For our fileserver, we use Freenas. This is an extremely robust Network Attached Storage (NAS) system which offers very good protection for your data using FreeBSD and the ZFS file system underneath. You can buy it already setup on a device like the FreeNAS mini from IX systems, or you can build your own, which is what we did. Our shared drive is snapshotted once an hour. Snapshots are a space efficient way to provide a way to roll back to a specific point in time. This means that our data is never more than an hour old if we have to restore. Because snapshots are read-only, we can’t then mess them up by accident and neither can malware such as a crypto locker virus.
The snapshot is then replicated to our backup server at our other branch. This gives us our third copy, our second computer, and our offsite backup meeting the requirements for the 3,2,1 rule. Snapshots alone don’t count as backups because they are on the same machine the data is on so a single physical failure could wipe out the data and the snapshot.
Currently, our website is hosted with digital ocean. Digital Ocean offers snapshots and backups as part of their service, so we currently use their backup service (which runs weekly) and I will snapshot our server before making any changes. This allows easy rollback if something goes wrong. However, a week is longer than I am comfortable with for a backup interval. So it is great that we have their backups, but I also do my own. To do this, I have a script that runs from my file server on my network. It connects using SSH to my webserver. It then copies all the files from my webserver to a folder on the file server using Rsync. Rsync only copies files that are different between two directories, so this actually transfers very little when it runs. It only copies files if they have changed, or if they are new. My script then dumps my database using mysqldump. This is an important step because most changes that occur on my website will happen in the database rather than in the files. This is how content management systems like Drupal and WordPress work. By dumping the database, rather than just copying that database file, it ensures that the data is in a consistent state and can be restored onto any mysql server. It then compresses the dump, transfers it to the file server and deletes the dump file on the webserver. Once the files are on the file server they are snapshotted, and replicated to my backup server just like the other files. The only difference is that these snapshots are taken on a daily basis rather than an hourly basis.
This setup may seem like overkill for a fairly simple website. However, websites are by far the most vulnerable thing most libraries maintain. They are directly exposed to the internet and are at a much higher risk of compromise than a file server sitting on your lan. By taking daily backups locally, I ensure that I can easily rebuild my server if it is compromised without losing a lot of work. Digital Ocean’s backup service adds an additional layer of security for me in case something goes wrong and my backup script doesn’t run. Defense in depth is an important principle for digital security, and applies equally to your backup strategy (hence the 3,2,1 rule).
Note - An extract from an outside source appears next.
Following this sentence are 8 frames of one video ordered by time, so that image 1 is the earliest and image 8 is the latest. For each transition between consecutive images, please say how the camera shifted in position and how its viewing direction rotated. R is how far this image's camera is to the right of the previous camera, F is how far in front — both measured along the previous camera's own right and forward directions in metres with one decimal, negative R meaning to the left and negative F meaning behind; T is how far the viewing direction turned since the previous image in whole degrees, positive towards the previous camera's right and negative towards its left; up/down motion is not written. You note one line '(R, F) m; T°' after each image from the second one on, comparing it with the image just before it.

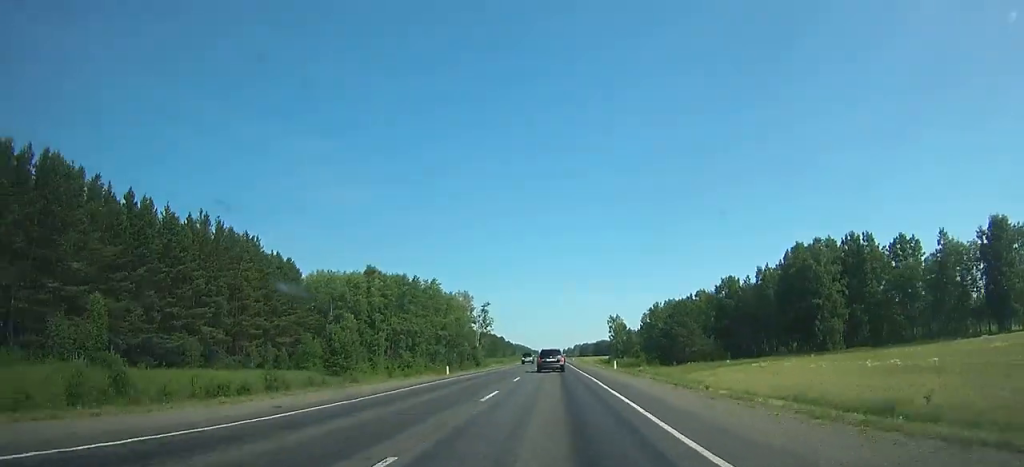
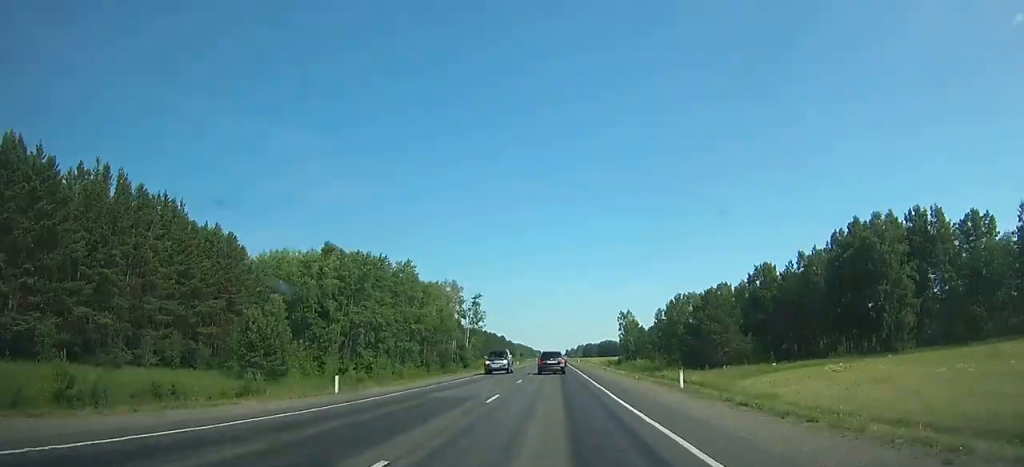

Backups are a huge topic and this post couldn’t possible cover the topic exhaustively. It is no exaggeration to say that books have been written on this topic. What I hoped to do was communicate why backups are important and some of the principles that can guide your backup strategy. Depending on your setup, you may end up with something that looks similar to what I have outlined about. You might not. You may use a cloud backup service such as Tarsnap or Crashplan. You may decide to use cloud services exclusively such as Google’s Gsuite or Microsoft’s One Drive and let another company worry about backing up your data. We do this for our ILS. We have Bywater Solutions host it and let them worry about backing it up. All of these are valid strategies that can make sense. The key thing is to think about your data, and what works for your situation. Just make sure anything that is important is backed up because If it isn’t backed up, it isn’t important.